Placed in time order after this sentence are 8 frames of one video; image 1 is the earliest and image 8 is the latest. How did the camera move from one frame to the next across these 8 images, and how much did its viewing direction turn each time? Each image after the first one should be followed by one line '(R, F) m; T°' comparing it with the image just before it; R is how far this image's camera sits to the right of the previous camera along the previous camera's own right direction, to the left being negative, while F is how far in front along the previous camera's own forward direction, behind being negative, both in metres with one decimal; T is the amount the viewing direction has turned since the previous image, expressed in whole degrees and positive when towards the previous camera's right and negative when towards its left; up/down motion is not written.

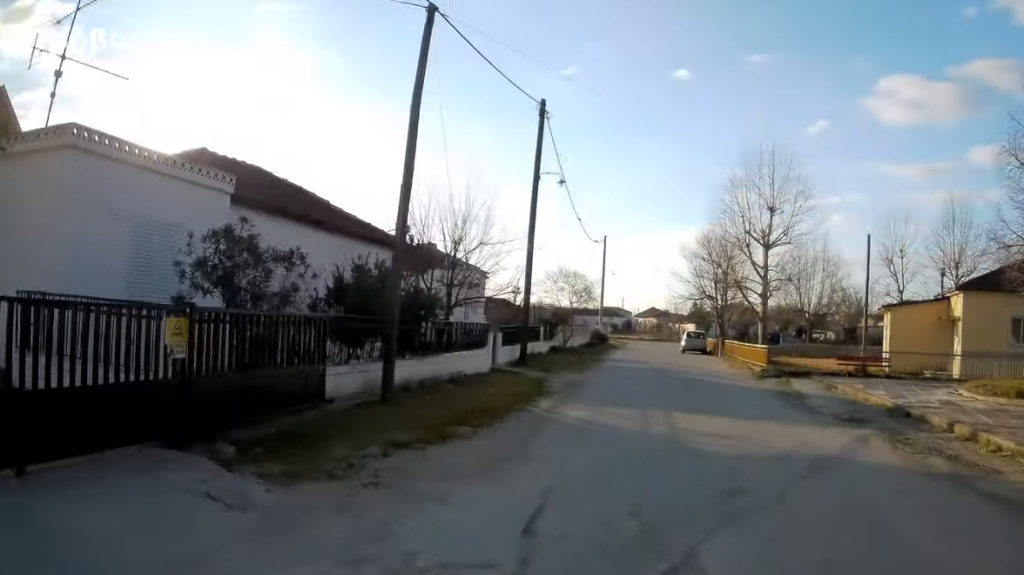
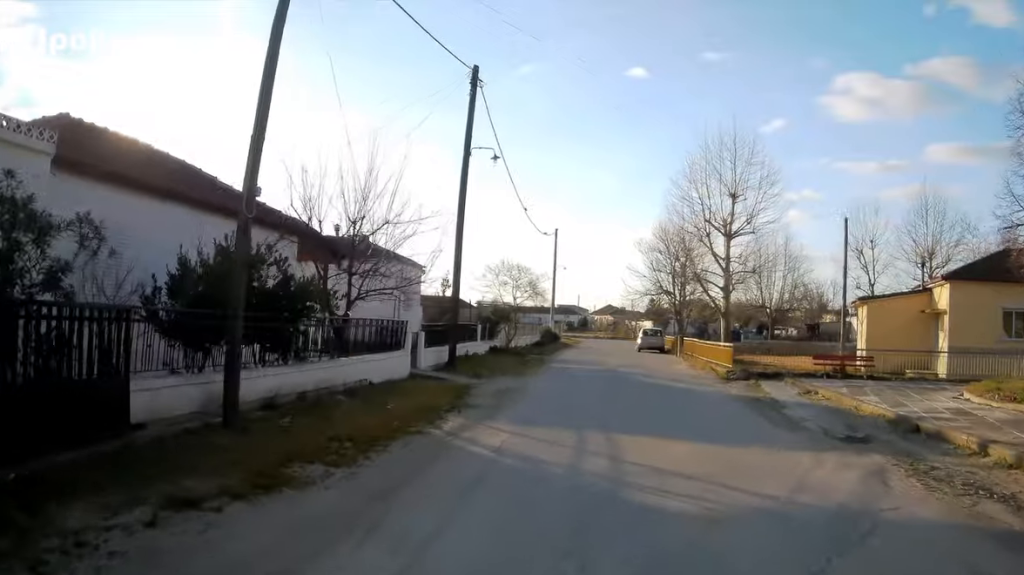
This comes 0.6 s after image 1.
(+0.2, +2.5) m; +4°
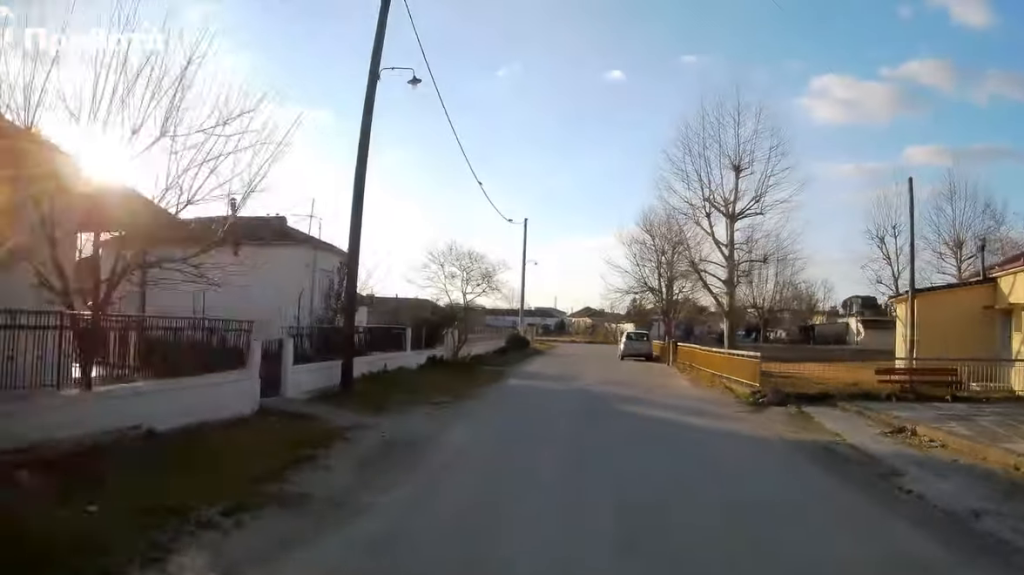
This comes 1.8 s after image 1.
(-0.3, +5.9) m; -5°
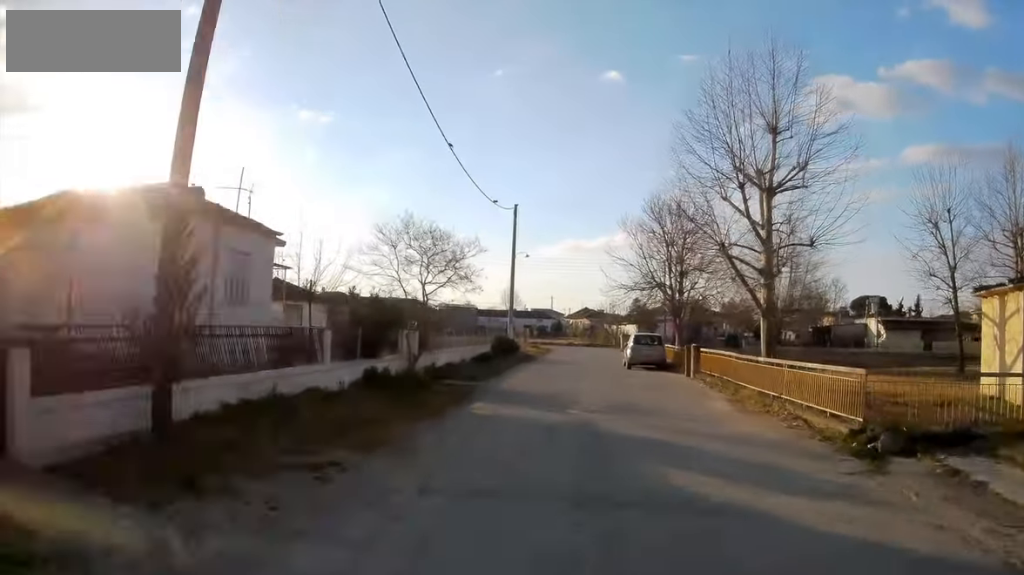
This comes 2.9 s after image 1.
(-0.1, +5.6) m; 0°
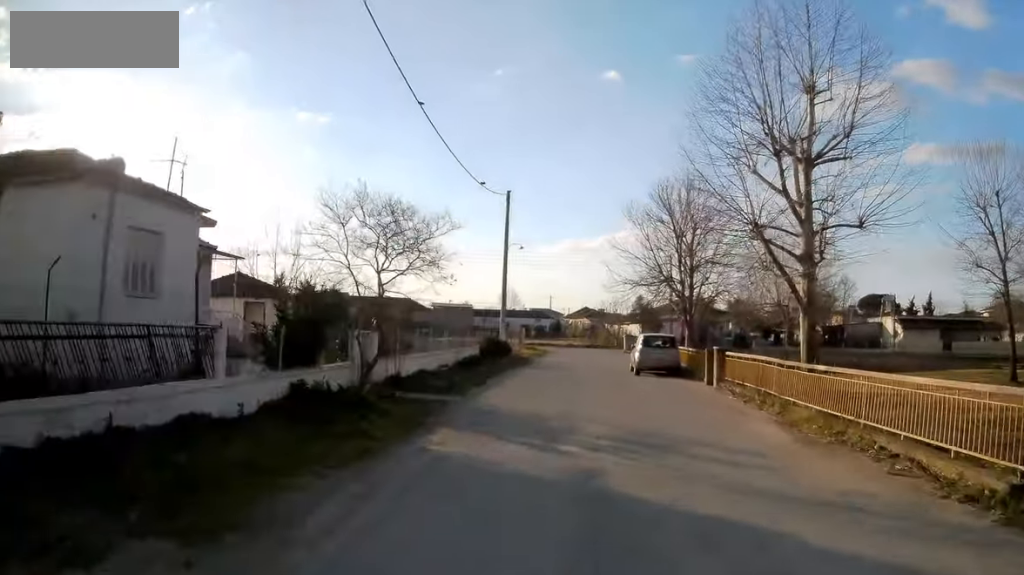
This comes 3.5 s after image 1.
(+0.2, +3.8) m; 0°
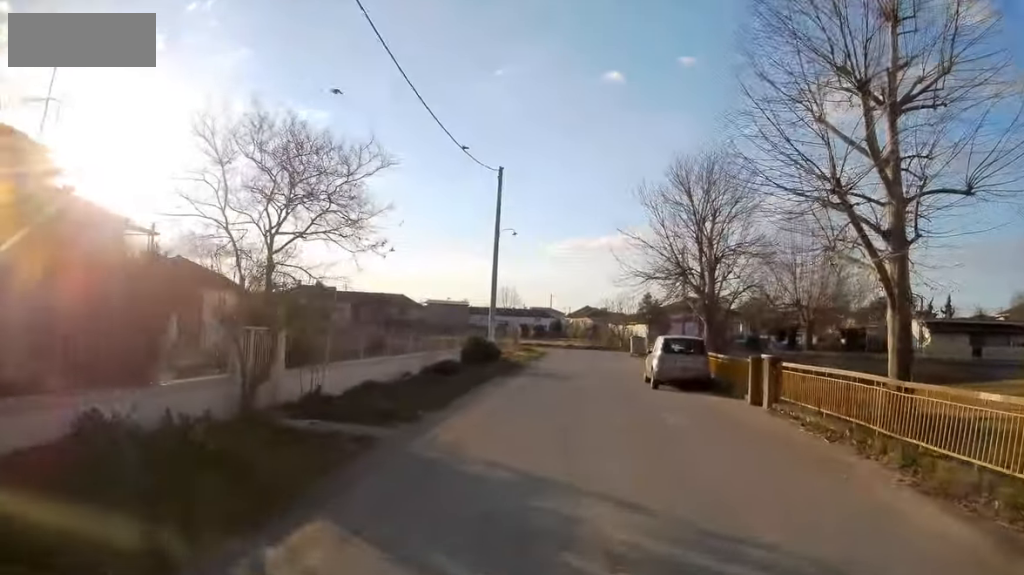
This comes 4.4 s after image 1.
(-0.3, +5.1) m; -2°
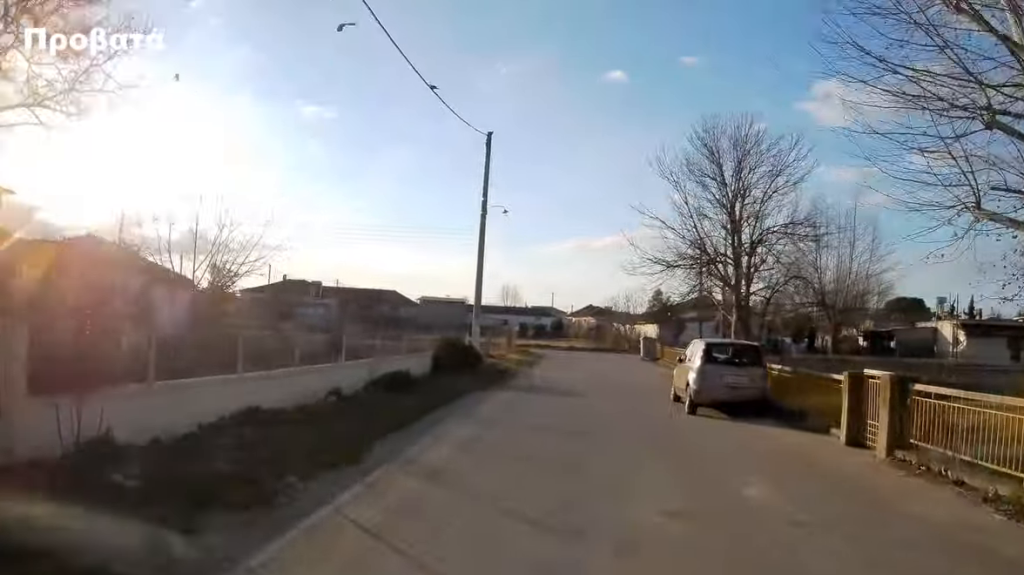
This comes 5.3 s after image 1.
(0.0, +5.7) m; 0°
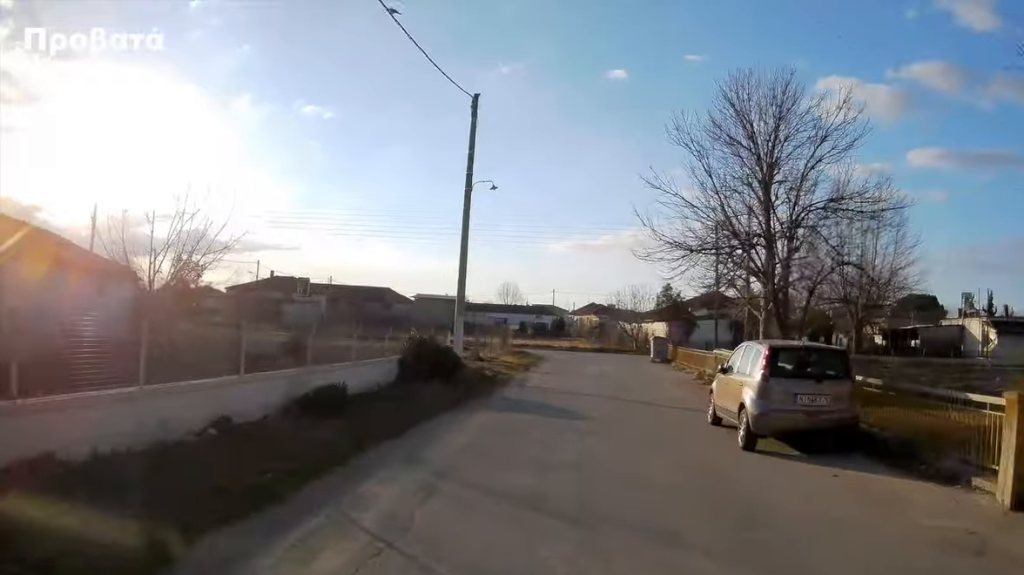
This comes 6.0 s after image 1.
(0.0, +4.4) m; +1°

---+---

Your copy should hold only the lines running from the one that contains "This comes 1.8 s after image 1." through the final line of the data; transcribe them exactly, both ends included, and leave pictures out.

This comes 1.8 s after image 1.
(-0.3, +5.9) m; -5°
This comes 2.9 s after image 1.
(-0.1, +5.6) m; 0°
This comes 3.5 s after image 1.
(+0.2, +3.8) m; 0°
This comes 4.4 s after image 1.
(-0.3, +5.1) m; -2°
This comes 5.3 s after image 1.
(0.0, +5.7) m; 0°
This comes 6.0 s after image 1.
(0.0, +4.4) m; +1°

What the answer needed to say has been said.